_Exercise_
Search the records below for the word "amount", then return every line where it appears.

_Records to use_
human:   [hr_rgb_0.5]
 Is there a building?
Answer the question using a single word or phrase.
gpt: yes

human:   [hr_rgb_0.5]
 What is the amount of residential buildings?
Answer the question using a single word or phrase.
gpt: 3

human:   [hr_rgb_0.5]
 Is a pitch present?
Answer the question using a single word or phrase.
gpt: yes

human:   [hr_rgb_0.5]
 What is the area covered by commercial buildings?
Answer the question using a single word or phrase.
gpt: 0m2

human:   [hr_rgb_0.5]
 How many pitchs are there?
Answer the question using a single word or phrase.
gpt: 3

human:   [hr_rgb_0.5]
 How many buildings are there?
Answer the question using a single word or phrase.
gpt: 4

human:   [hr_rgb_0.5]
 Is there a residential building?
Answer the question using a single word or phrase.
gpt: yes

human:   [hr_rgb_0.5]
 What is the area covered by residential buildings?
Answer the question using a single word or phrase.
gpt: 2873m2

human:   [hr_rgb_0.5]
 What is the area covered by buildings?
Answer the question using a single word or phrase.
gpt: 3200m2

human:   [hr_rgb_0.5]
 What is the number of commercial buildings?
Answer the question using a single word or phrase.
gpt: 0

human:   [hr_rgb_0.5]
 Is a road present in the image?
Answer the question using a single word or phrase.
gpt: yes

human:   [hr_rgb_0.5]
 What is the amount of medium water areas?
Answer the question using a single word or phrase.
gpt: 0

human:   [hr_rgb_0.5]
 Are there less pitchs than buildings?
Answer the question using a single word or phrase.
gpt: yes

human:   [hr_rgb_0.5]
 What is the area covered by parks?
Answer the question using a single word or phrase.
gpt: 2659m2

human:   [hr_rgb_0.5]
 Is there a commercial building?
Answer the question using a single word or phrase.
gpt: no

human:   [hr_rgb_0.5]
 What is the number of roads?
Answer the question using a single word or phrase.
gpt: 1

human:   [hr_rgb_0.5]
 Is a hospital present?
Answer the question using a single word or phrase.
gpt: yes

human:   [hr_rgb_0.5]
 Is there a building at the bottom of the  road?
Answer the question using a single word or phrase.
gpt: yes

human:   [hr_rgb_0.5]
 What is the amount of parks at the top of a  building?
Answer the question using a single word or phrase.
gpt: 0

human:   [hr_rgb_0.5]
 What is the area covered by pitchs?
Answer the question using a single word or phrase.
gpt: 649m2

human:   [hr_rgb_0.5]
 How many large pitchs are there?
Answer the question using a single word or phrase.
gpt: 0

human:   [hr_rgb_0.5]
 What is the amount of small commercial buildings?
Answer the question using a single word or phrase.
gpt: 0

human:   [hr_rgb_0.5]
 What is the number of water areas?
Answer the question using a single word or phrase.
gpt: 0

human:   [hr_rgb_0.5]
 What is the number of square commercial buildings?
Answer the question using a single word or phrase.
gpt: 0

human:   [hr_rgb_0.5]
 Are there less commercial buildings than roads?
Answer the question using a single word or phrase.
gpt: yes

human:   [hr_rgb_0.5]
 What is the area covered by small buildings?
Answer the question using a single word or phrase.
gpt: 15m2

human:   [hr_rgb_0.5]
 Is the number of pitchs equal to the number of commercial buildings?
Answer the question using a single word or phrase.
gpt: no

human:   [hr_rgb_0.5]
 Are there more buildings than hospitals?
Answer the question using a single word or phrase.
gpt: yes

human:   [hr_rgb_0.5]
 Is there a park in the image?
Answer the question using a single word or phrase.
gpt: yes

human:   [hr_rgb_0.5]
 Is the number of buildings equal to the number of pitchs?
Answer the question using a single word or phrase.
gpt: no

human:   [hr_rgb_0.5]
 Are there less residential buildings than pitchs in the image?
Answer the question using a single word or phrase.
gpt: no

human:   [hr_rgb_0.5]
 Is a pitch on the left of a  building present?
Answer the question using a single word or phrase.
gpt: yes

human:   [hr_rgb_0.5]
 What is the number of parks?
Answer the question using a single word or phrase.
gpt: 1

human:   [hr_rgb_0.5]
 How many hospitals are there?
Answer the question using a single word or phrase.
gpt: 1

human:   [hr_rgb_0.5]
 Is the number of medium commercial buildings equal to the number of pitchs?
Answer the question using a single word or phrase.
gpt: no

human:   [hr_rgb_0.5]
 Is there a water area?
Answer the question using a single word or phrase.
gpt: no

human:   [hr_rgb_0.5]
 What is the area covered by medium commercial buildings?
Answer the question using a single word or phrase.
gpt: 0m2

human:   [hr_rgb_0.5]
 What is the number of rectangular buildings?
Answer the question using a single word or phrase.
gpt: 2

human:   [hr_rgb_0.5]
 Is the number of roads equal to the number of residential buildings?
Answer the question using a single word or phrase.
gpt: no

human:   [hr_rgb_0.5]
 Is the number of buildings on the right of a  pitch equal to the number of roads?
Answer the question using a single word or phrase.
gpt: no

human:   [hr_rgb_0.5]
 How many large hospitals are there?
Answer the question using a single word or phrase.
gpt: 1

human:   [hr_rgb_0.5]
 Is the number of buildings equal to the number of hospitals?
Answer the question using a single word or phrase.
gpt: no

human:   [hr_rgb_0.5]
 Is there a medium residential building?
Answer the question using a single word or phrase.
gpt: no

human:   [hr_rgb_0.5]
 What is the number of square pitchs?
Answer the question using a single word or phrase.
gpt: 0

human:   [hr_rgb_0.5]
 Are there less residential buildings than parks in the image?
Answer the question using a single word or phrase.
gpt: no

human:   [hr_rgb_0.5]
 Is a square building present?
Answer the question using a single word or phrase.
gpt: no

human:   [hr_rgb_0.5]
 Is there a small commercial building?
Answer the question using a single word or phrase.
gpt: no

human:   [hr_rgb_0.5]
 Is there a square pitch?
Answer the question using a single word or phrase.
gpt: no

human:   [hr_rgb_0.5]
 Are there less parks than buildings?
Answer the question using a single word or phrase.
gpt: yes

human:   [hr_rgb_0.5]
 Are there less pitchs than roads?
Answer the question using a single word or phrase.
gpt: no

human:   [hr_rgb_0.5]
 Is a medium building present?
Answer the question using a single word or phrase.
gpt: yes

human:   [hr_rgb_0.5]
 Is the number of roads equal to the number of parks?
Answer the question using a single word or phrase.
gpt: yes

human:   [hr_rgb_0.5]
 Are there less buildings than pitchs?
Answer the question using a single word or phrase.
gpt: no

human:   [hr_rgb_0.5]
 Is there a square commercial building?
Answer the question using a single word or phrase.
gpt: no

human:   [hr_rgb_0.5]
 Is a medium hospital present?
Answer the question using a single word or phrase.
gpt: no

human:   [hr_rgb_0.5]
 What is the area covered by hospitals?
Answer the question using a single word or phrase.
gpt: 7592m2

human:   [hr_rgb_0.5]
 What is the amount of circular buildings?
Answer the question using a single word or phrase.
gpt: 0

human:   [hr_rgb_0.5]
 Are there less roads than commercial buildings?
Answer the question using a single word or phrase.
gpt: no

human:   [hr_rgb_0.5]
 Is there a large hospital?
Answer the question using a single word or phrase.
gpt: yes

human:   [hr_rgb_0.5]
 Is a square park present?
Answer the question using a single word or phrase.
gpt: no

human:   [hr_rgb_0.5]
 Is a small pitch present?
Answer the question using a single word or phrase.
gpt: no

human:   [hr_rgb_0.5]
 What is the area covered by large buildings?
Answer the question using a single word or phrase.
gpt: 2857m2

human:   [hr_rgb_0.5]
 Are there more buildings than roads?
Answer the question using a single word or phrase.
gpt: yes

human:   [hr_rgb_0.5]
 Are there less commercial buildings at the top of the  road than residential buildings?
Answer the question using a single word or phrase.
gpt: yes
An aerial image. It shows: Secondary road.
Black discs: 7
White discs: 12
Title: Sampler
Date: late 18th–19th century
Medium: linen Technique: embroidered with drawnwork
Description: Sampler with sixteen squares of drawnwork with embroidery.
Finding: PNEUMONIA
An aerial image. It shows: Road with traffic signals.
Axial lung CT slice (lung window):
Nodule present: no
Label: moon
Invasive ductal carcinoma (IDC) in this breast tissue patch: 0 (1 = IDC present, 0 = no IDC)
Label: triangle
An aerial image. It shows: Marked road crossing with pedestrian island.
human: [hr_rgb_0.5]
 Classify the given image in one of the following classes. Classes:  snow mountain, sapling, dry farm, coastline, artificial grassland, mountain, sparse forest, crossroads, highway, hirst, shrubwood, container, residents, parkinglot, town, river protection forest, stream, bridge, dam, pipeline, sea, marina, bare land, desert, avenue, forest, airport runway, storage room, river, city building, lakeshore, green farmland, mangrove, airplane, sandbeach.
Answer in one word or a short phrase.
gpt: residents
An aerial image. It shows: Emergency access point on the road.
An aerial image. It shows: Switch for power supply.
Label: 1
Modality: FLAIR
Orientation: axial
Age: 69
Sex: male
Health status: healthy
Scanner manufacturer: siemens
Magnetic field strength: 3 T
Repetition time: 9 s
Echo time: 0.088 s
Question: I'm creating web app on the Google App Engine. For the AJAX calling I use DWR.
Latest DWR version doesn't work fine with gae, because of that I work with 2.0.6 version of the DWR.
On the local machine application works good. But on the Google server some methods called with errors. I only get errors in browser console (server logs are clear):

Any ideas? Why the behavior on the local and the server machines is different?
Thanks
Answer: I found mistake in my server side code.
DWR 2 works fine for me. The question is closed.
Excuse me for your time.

_Result of the task_
 What is the amount of residential buildings?
 What is the amount of medium water areas?
 What is the amount of parks at the top of a  building?
 What is the amount of small commercial buildings?
 What is the amount of circular buildings?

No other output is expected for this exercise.